Permanently unfit: obstructive lung disease

(Jaren later, in 2009, heb ik alsnog m’n duikbrevet gehaald. Dat was HIER, op een klein eilandje voor de Afrikaanse kust zonder doktoren, verklaringen en testjes. Het risico nam ik bewust. Vier jaar daarvoor was ik gestopt met roken en begonnen met hardlopen, en inmiddels was ik duizenden kilometers en een marathon verder en ging ik er –terecht of niet– vanuit dat mijn getrainde longen wel tegen een stootje zouden kunnen.)

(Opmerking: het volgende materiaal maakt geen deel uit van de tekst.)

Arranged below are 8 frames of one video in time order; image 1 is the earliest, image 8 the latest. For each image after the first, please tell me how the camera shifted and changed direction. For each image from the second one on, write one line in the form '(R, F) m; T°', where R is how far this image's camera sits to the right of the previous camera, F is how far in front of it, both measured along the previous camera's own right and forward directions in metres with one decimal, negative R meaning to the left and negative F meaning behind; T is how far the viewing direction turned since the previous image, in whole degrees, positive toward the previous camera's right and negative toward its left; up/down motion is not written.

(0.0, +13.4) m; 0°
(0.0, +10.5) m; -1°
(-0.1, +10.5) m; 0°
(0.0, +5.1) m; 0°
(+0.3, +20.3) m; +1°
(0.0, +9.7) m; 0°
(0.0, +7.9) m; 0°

In ieder geval gaf het ons ruim de gelegenheid om aan de zijde van Leanne Townsville en omgeving te verkennen. En we zijn nog wel een dagje de zee op geweest, naar het Kelso Reef, zodat Christel in ieder geval nog een beetje kon duiken en ik kon snorkelen. Al bij al vloog de week voorbij en voor we het wisten zaten we alweer in een huurauto, op weg naar het zuiden. Thuis in Nederland hadden we bedacht om de reis met een camper te doen, maar toen ik in eenmaal in Townsville ging rondbellen bleek er tot onze schrik geen camper meer te krijgen. Onze reis viel grotendeels in de Australische zomervakantie, het hoogseizoen. Even dreigde het vooruitzicht te moeten rondrijden in een zogeheten ‘Wicked Camper’, een psychedelisch beschilderd hippiebusje, te wow als je er van houdt maar wel erg opzichtig. Na uren bellen lukte het alsnog om een saai wit campertje te reserveren, maar pas een week later, en in Brisbane, 1300 kilometer zuidelijker. Daarom huurden we bij Hertz voor de eerste week een gewone auto.

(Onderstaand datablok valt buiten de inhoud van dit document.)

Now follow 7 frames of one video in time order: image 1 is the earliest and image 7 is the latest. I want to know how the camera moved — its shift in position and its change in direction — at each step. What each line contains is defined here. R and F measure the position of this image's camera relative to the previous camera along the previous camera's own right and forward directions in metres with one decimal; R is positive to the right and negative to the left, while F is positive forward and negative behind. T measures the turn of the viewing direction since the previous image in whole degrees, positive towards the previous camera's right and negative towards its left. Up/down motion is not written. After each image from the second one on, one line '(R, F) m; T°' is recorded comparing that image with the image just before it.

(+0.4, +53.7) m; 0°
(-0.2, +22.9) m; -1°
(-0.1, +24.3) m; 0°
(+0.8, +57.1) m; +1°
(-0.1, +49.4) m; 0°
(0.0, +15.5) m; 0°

Links rijden, even wennen. Stuur zat aan de andere kant en richtingwijzer en ruitenwisser waren ook omgedraaid. Bij de eerste vijf bochten gaven we dus keurig ruitenwisser aan, tot grote hilariteit van Leanne die –op de terugweg van Hertz– voor ons uit reed. Met nog wat laatste tips en adressen op zak namen we afscheid van Leanne. Het was een verrassende week geweest, waarin mijn zogenaamde verre familie dichterbij was gebleken dan ik had gedacht. Al noemden ze Frieswijk hier Frieswyk (spreek uit Fries-woe-iek), het bleef dezelfde naam, dezelfde clan, en dat schiep een voelbare band.

Toch waren we blij weer on the road te zijn. Er wachtte ons nog erg veel Australië...let's go!